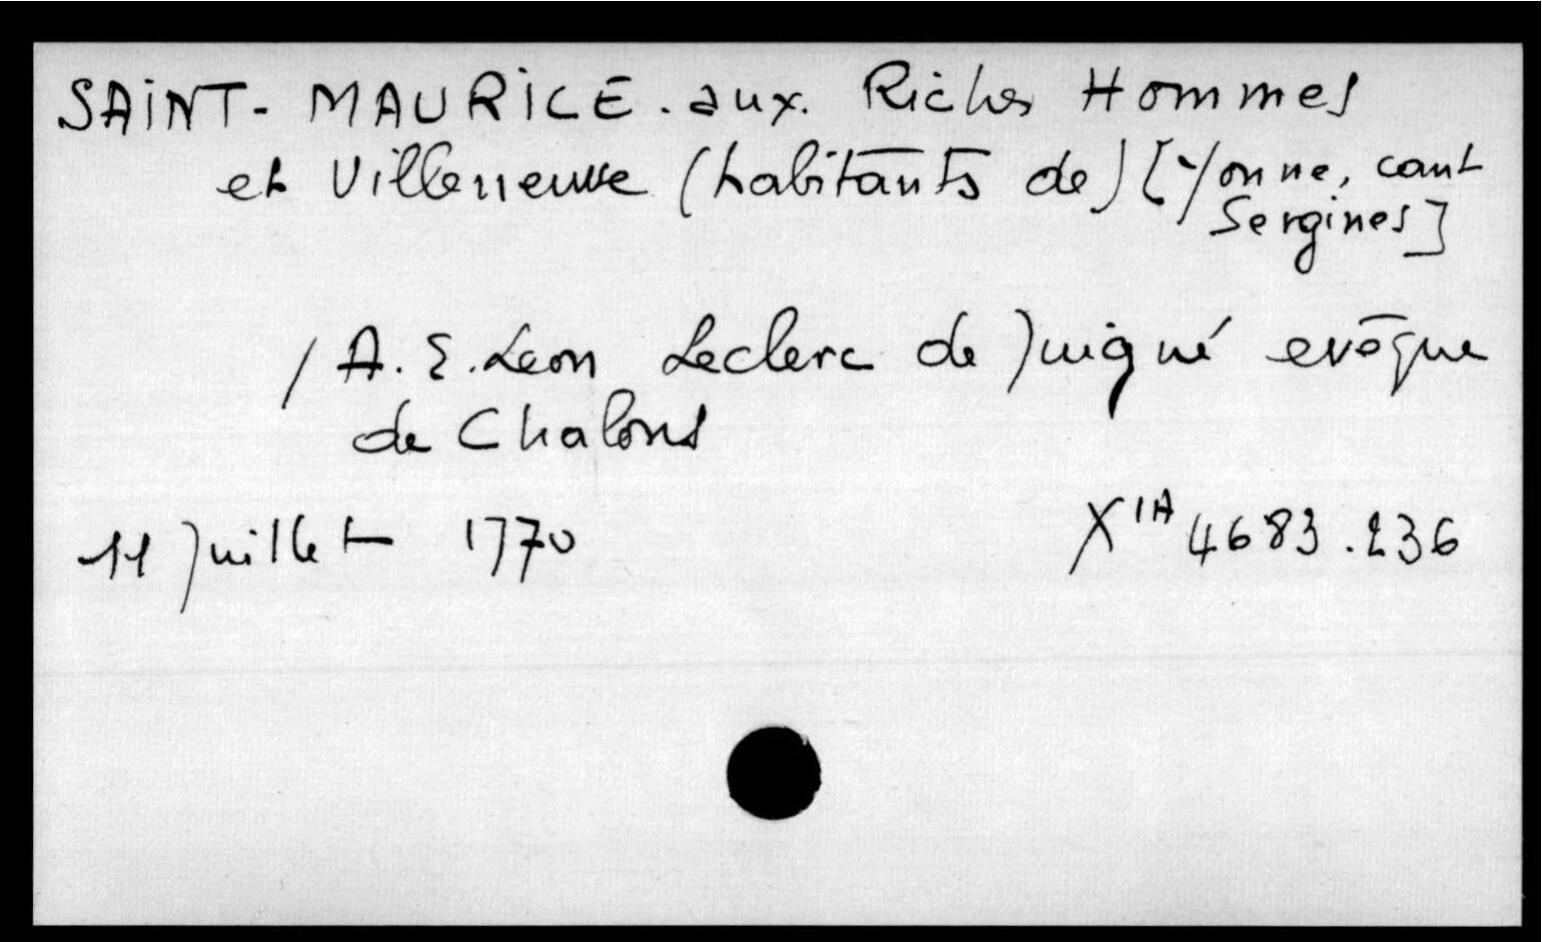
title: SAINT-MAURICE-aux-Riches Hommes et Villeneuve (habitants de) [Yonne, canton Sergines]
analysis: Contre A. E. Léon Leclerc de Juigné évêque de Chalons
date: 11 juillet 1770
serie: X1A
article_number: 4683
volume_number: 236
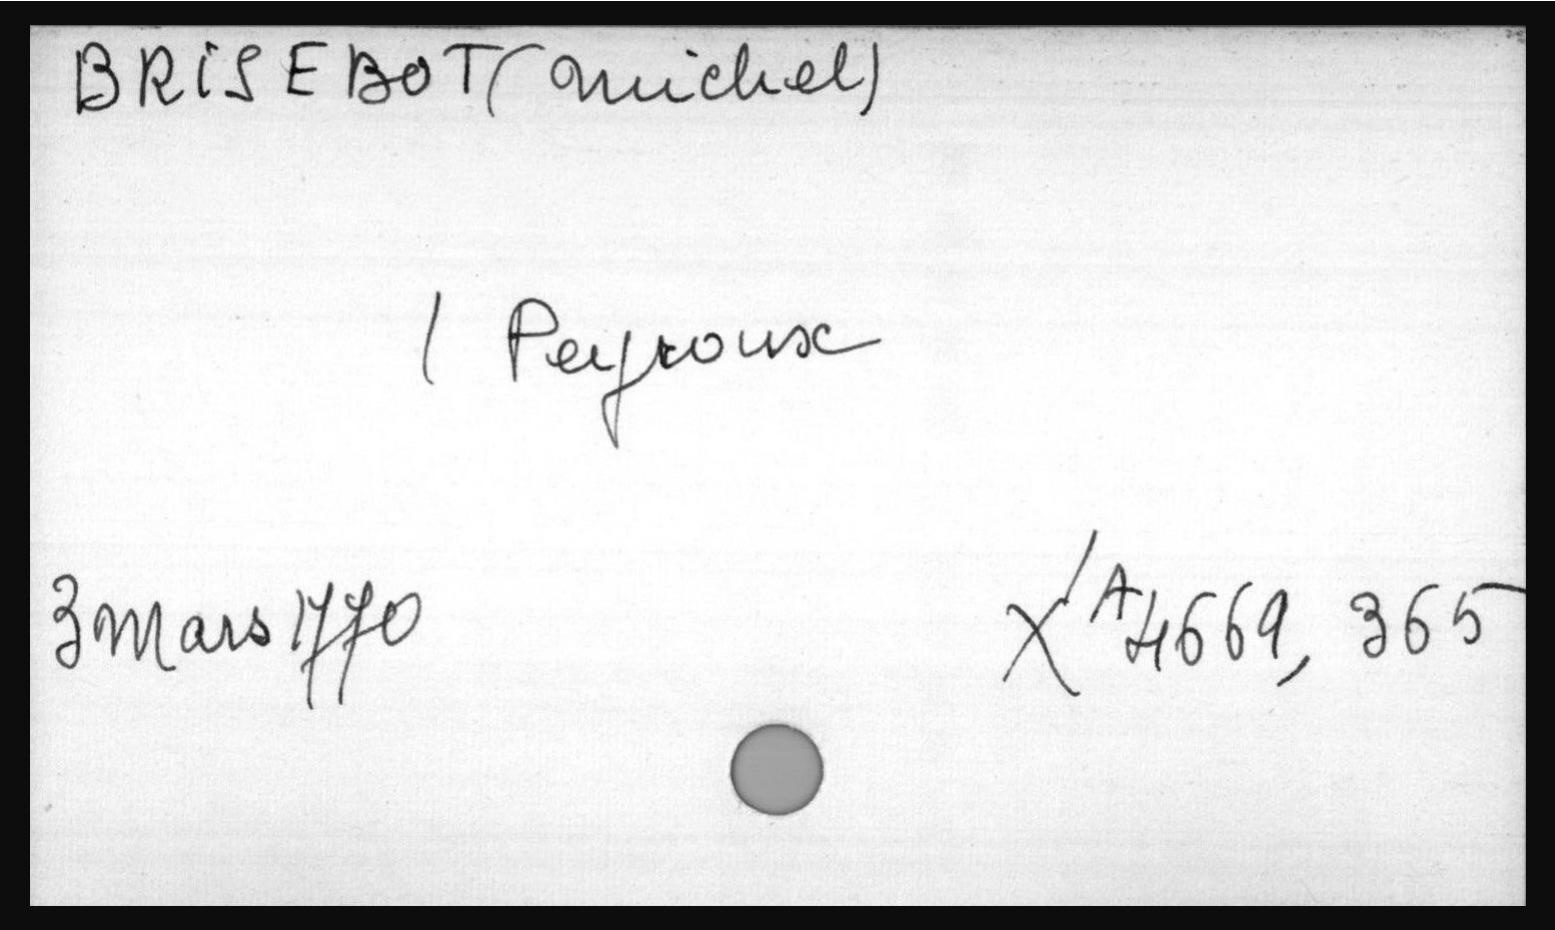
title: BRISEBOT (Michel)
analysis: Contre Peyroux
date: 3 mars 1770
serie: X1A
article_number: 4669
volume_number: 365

---

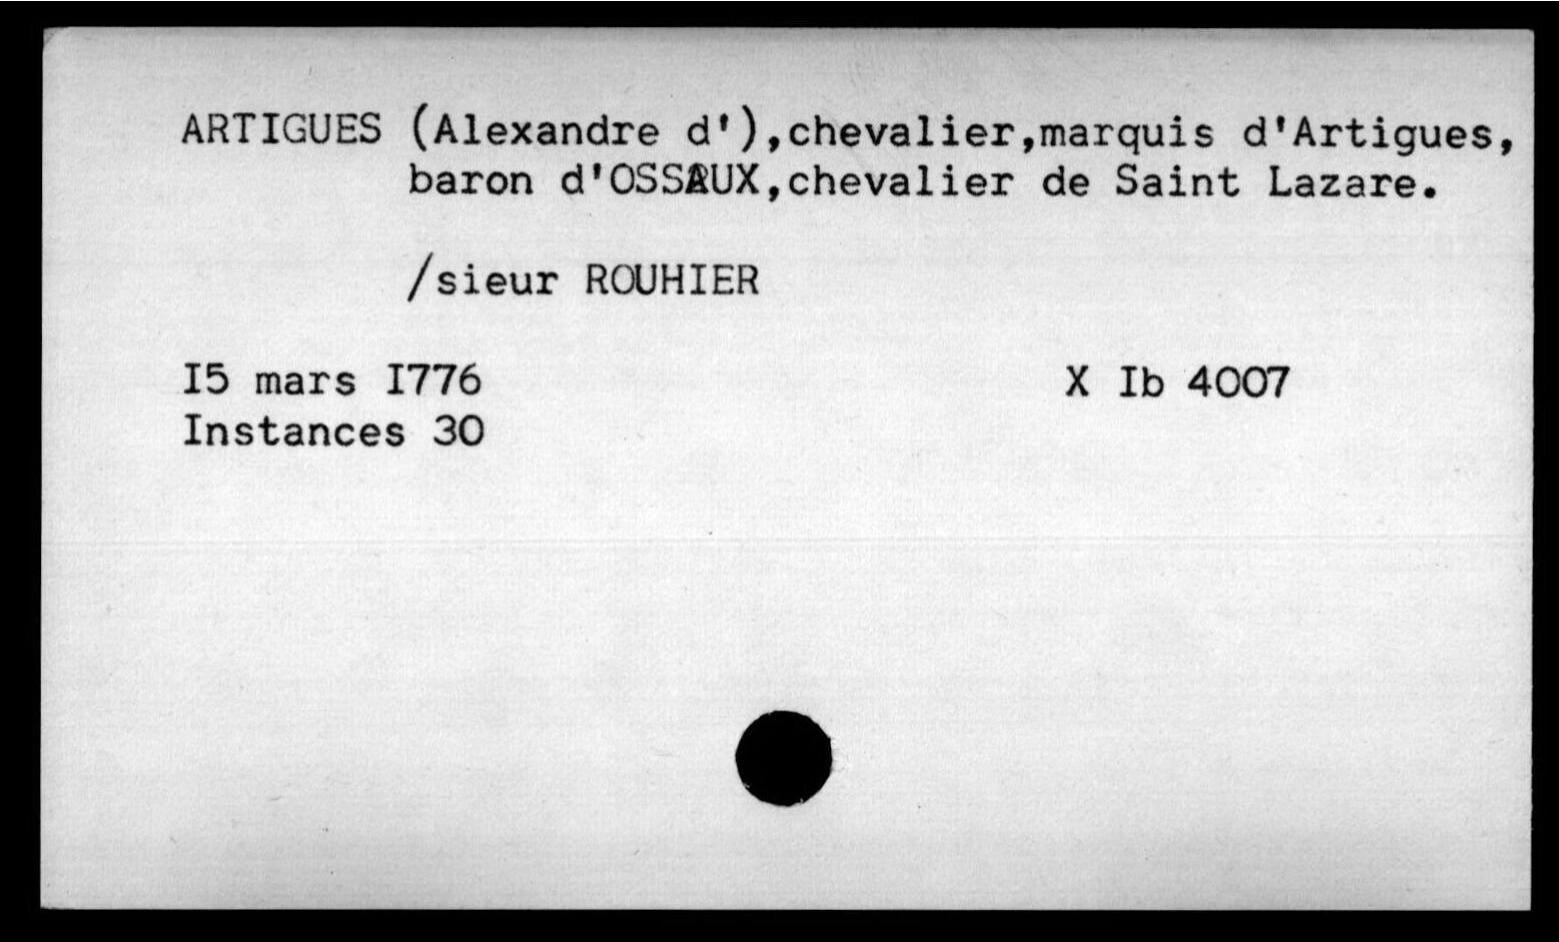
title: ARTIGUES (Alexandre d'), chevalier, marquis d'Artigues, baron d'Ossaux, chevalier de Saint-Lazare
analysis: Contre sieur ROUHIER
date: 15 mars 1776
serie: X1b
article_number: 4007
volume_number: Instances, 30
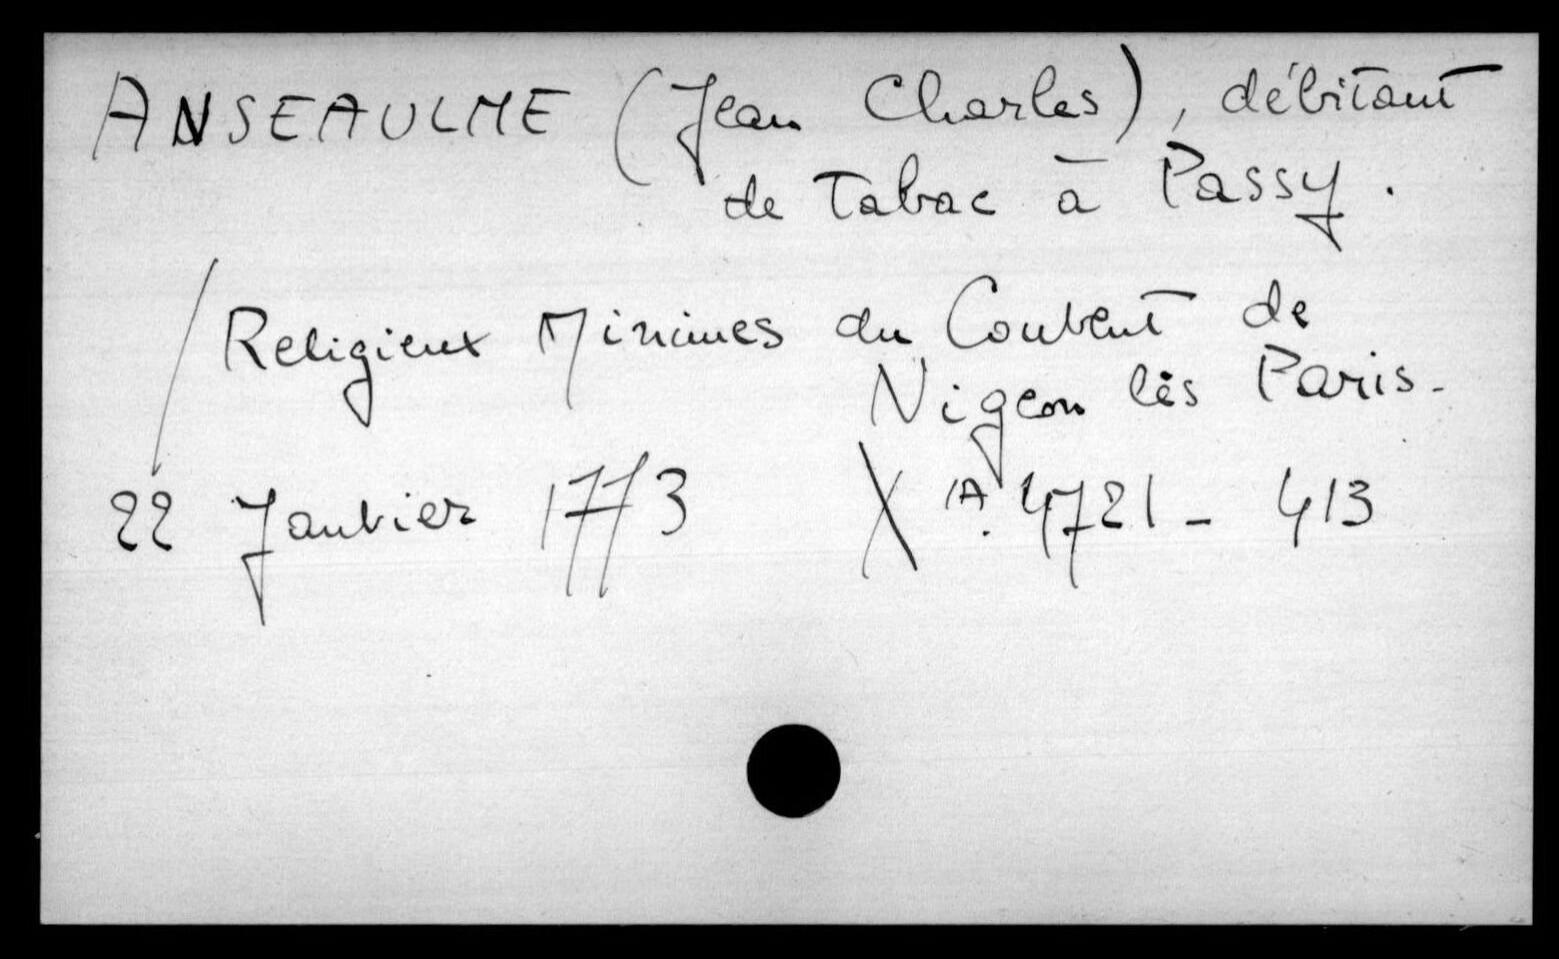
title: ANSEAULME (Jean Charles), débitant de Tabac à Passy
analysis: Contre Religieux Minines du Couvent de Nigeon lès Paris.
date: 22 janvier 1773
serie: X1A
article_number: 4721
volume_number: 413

YOUR GOAL:
Reproduce exactly the lines of the data above that run from the line with "title: ARTIGUES (Alexandre" down to the line with "volume_number: 413", both ends included. Pictures do not belong in the copy.

ANSWER TO THIS TASK:
title: ARTIGUES (Alexandre d'), chevalier, marquis d'Artigues, baron d'Ossaux, chevalier de Saint-Lazare
analysis: Contre sieur ROUHIER
date: 15 mars 1776
serie: X1b
article_number: 4007
volume_number: Instances, 30
title: ANSEAULME (Jean Charles), débitant de Tabac à Passy
analysis: Contre Religieux Minines du Couvent de Nigeon lès Paris.
date: 22 janvier 1773
serie: X1A
article_number: 4721
volume_number: 413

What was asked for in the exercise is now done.